## Action item
Reprint the lines below as they are, minus the pictures.

## Supplied data
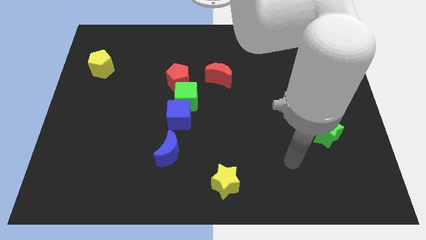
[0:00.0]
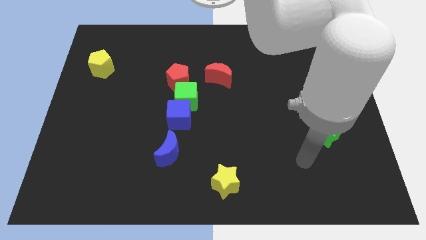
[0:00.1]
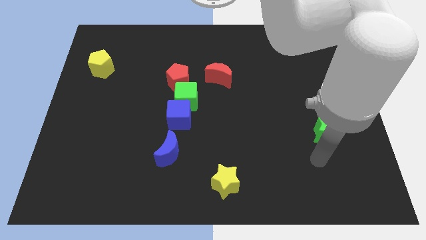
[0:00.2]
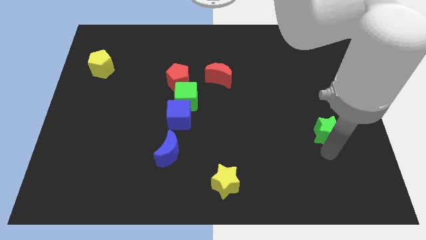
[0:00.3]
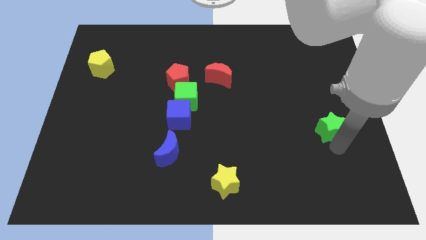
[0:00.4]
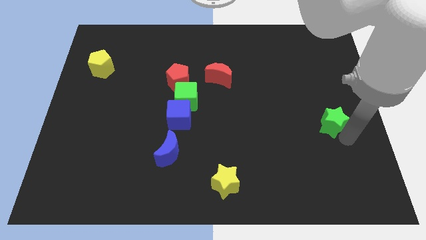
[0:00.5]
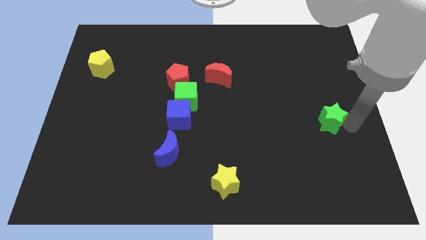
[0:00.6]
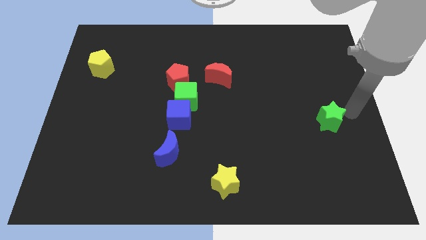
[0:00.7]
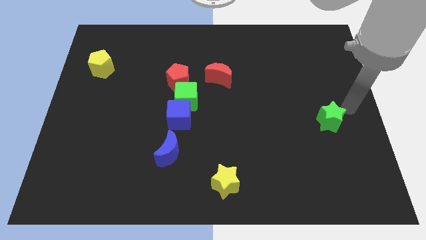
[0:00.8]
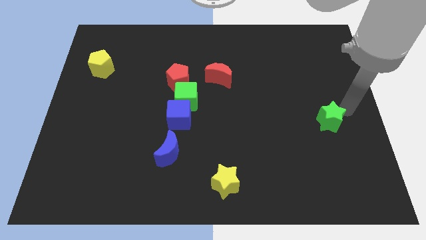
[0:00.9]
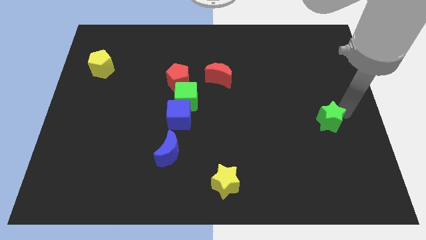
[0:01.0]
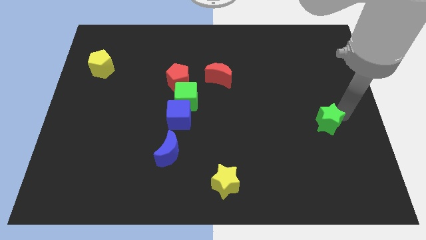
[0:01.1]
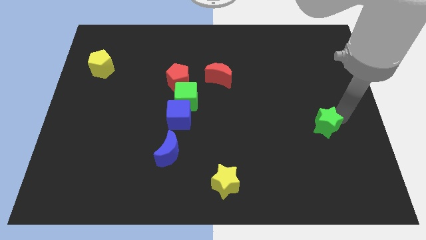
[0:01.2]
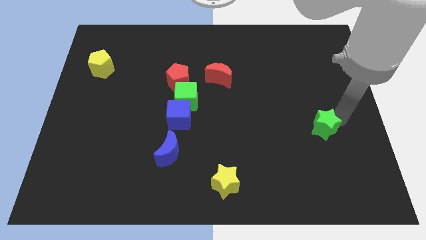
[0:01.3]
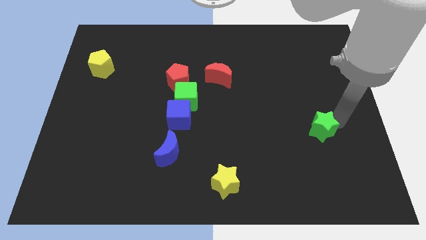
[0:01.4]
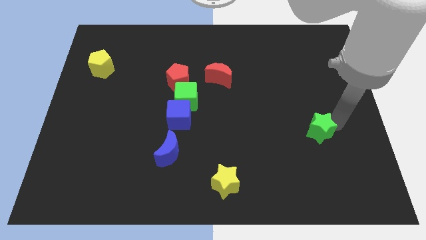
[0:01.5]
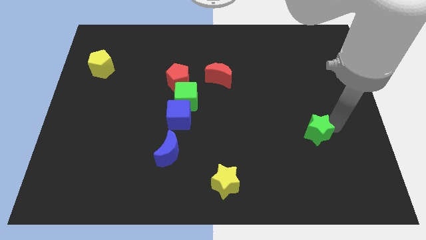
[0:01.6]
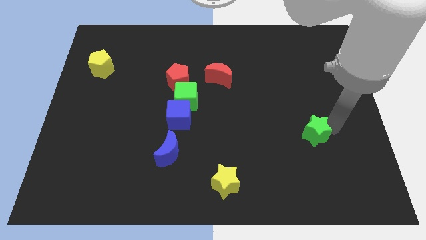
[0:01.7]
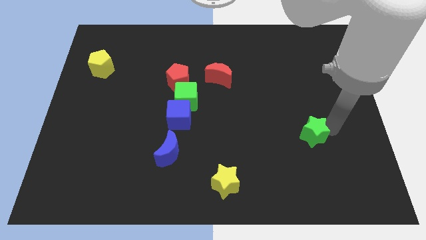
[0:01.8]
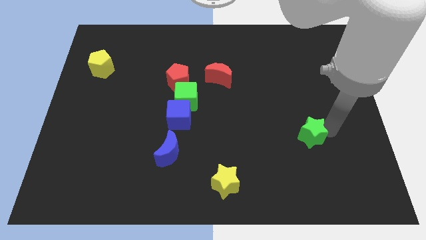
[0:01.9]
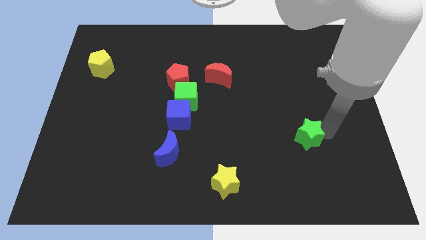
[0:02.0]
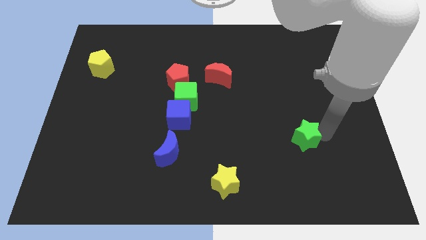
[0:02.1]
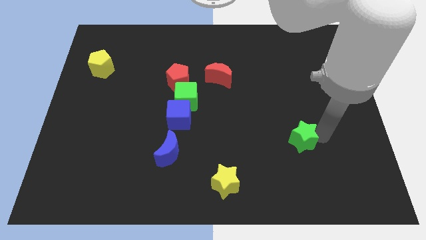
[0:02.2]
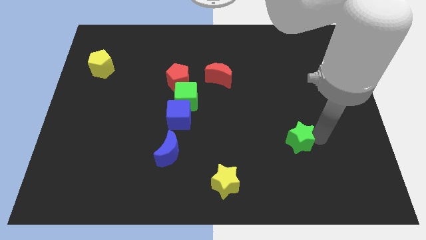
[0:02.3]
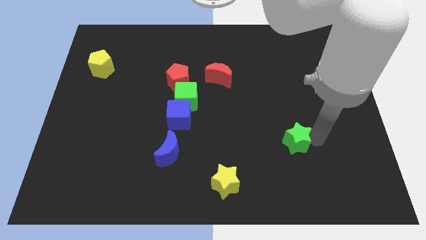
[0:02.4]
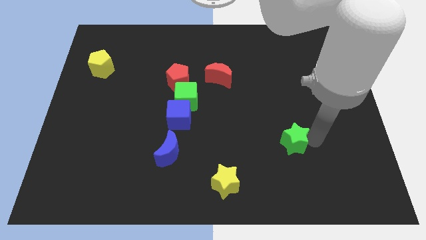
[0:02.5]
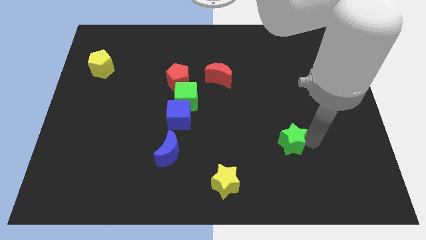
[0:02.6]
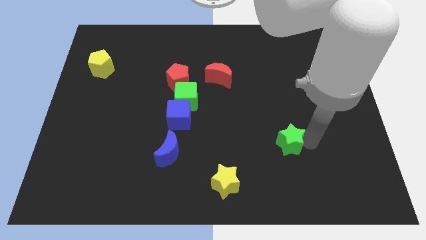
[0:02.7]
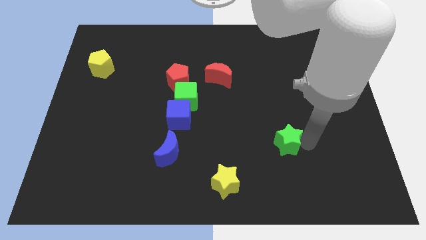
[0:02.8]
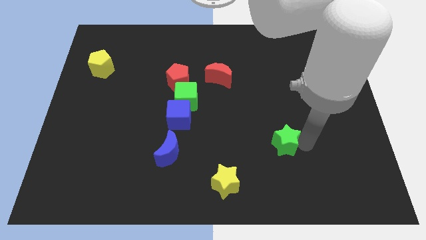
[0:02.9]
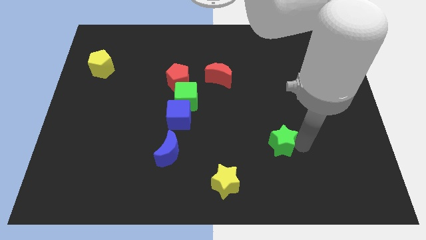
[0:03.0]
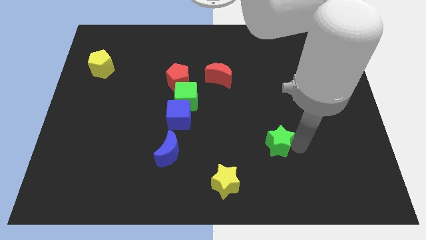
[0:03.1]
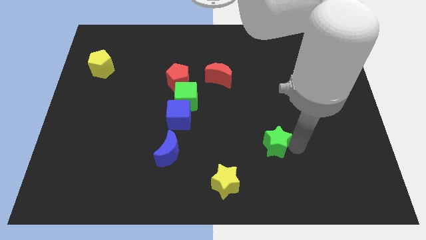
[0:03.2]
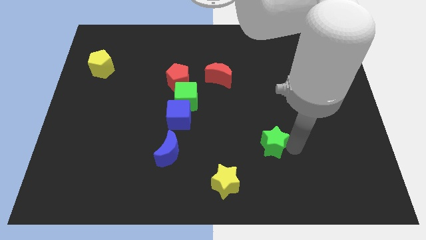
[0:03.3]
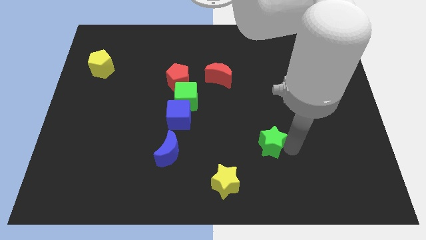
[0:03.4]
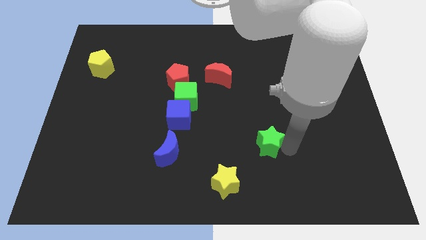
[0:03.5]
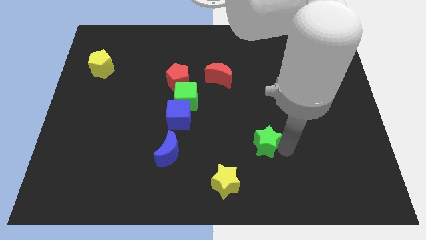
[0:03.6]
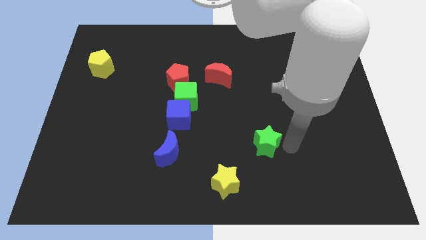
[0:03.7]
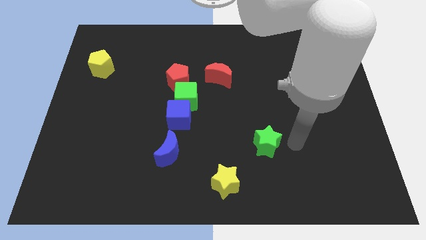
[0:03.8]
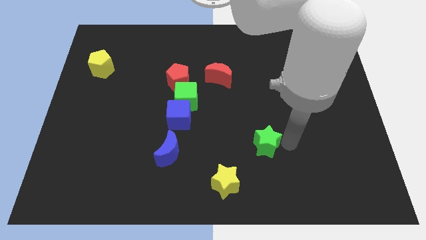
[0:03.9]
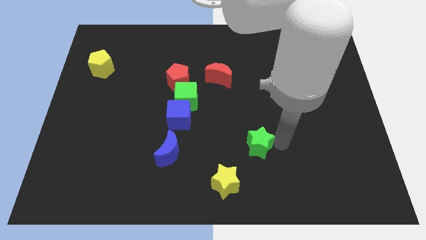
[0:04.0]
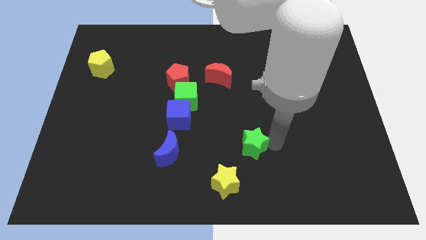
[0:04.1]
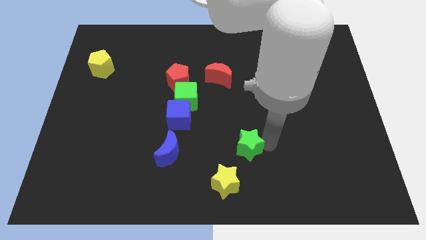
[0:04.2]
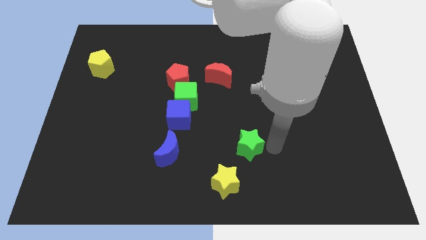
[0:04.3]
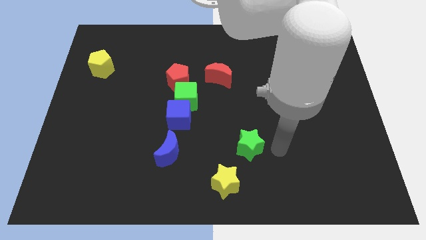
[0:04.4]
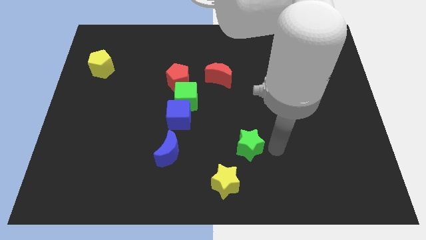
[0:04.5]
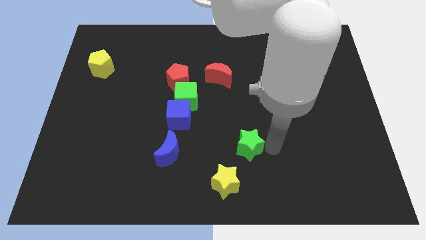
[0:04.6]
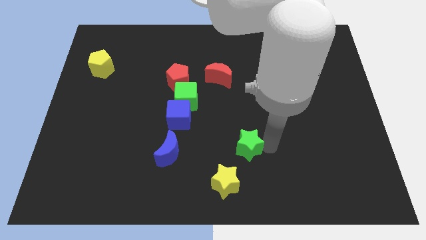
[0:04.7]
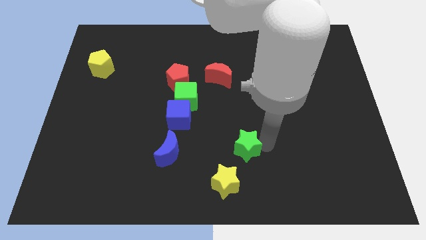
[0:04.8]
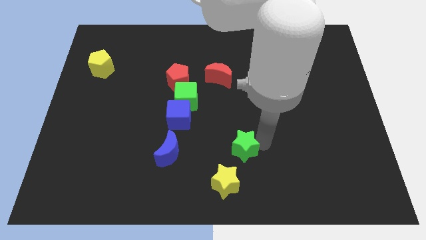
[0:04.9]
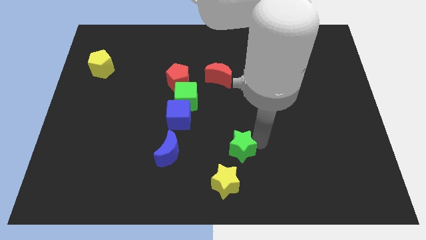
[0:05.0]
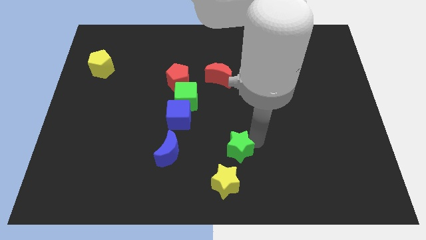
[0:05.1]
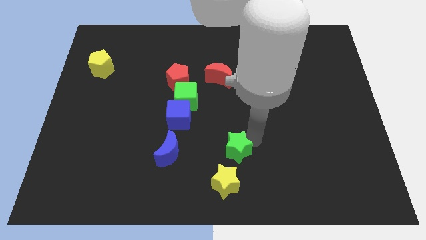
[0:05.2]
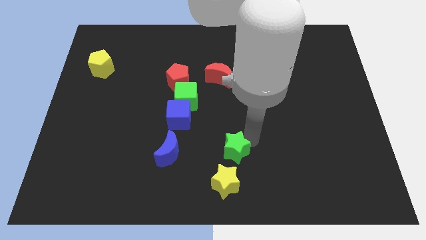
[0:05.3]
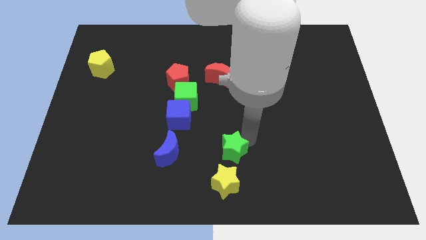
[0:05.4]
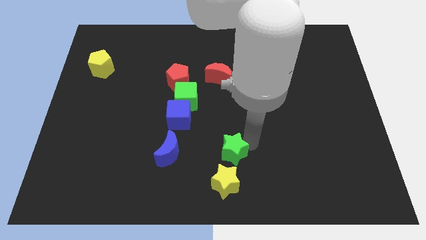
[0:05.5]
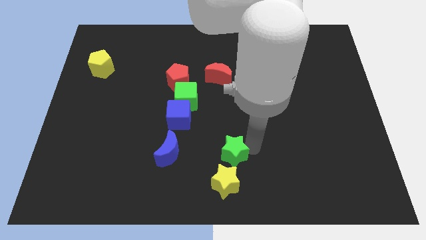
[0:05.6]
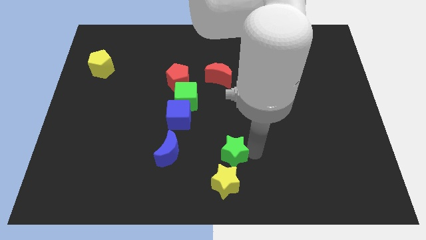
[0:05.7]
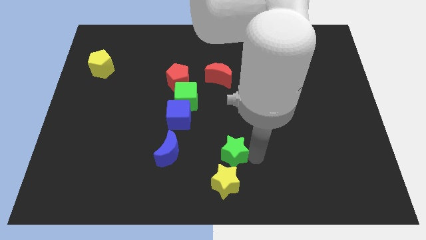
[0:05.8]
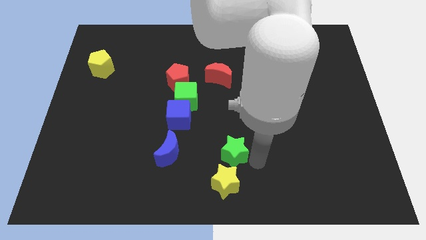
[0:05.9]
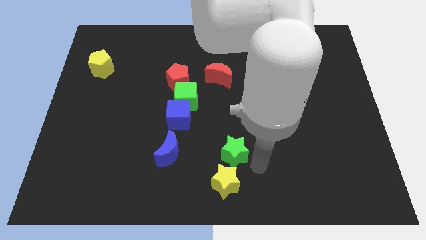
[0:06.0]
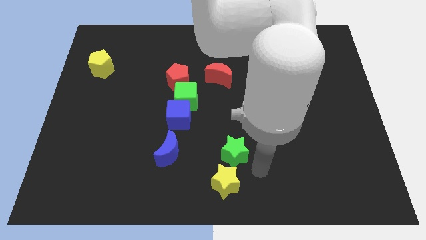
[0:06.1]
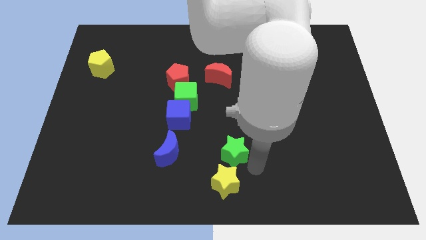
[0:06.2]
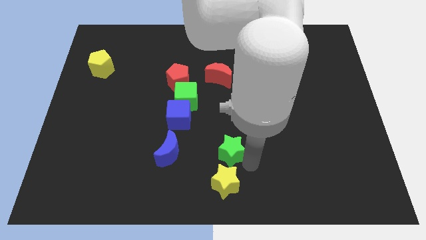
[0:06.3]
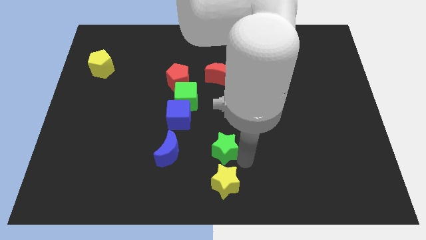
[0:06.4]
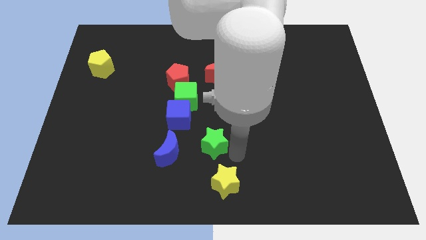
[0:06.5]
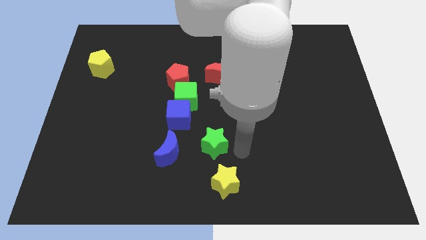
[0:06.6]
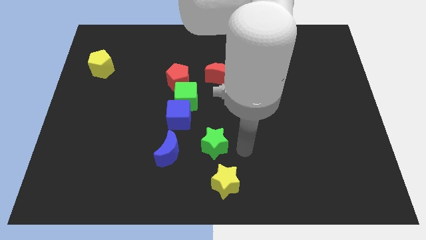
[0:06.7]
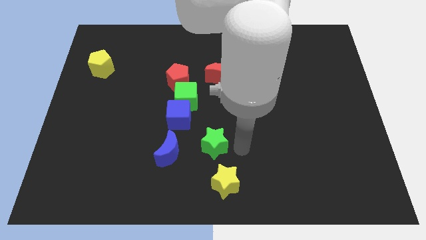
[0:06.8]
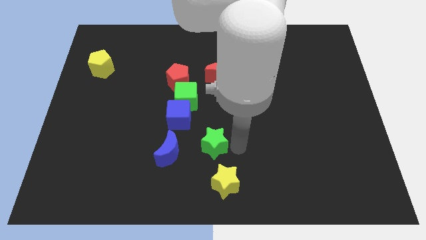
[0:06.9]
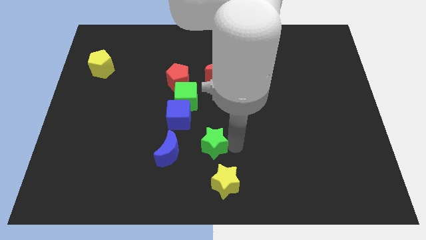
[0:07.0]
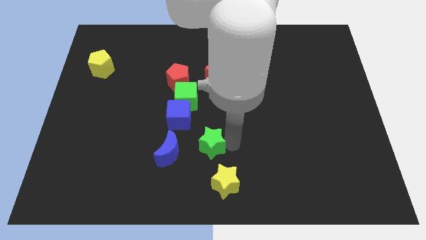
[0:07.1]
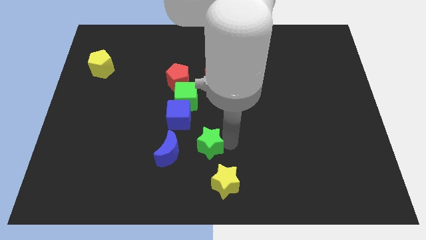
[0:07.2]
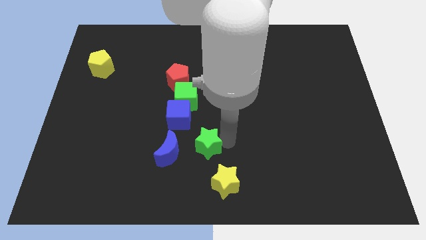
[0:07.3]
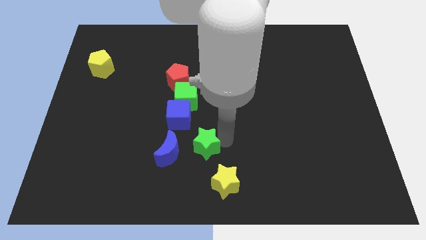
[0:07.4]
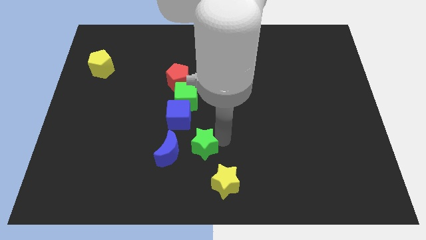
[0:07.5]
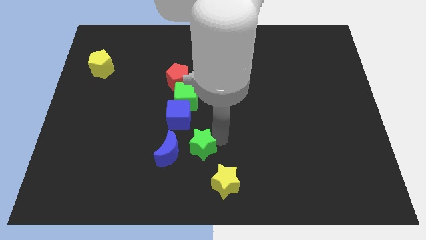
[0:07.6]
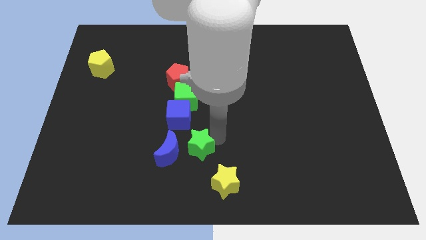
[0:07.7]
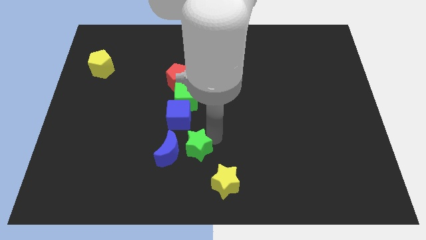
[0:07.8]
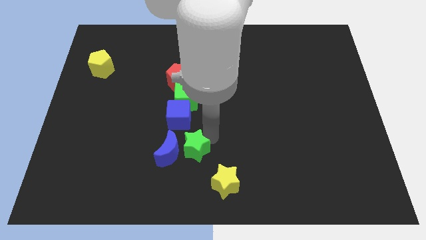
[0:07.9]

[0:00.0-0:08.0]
slide the green star next to the blue moon

## Answer
[0:00.0]
[0:00.1]
[0:00.2]
[0:00.3]
[0:00.4]
[0:00.5]
[0:00.6]
[0:00.7]
[0:00.8]
[0:00.9]
[0:01.0]
[0:01.1]
[0:01.2]
[0:01.3]
[0:01.4]
[0:01.5]
[0:01.6]
[0:01.7]
[0:01.8]
[0:01.9]
[0:02.0]
[0:02.1]
[0:02.2]
[0:02.3]
[0:02.4]
[0:02.5]
[0:02.6]
[0:02.7]
[0:02.8]
[0:02.9]
[0:03.0]
[0:03.1]
[0:03.2]
[0:03.3]
[0:03.4]
[0:03.5]
[0:03.6]
[0:03.7]
[0:03.8]
[0:03.9]
[0:04.0]
[0:04.1]
[0:04.2]
[0:04.3]
[0:04.4]
[0:04.5]
[0:04.6]
[0:04.7]
[0:04.8]
[0:04.9]
[0:05.0]
[0:05.1]
[0:05.2]
[0:05.3]
[0:05.4]
[0:05.5]
[0:05.6]
[0:05.7]
[0:05.8]
[0:05.9]
[0:06.0]
[0:06.1]
[0:06.2]
[0:06.3]
[0:06.4]
[0:06.5]
[0:06.6]
[0:06.7]
[0:06.8]
[0:06.9]
[0:07.0]
[0:07.1]
[0:07.2]
[0:07.3]
[0:07.4]
[0:07.5]
[0:07.6]
[0:07.7]
[0:07.8]
[0:07.9]

[0:00.0-0:08.0]
slide the green star next to the blue moon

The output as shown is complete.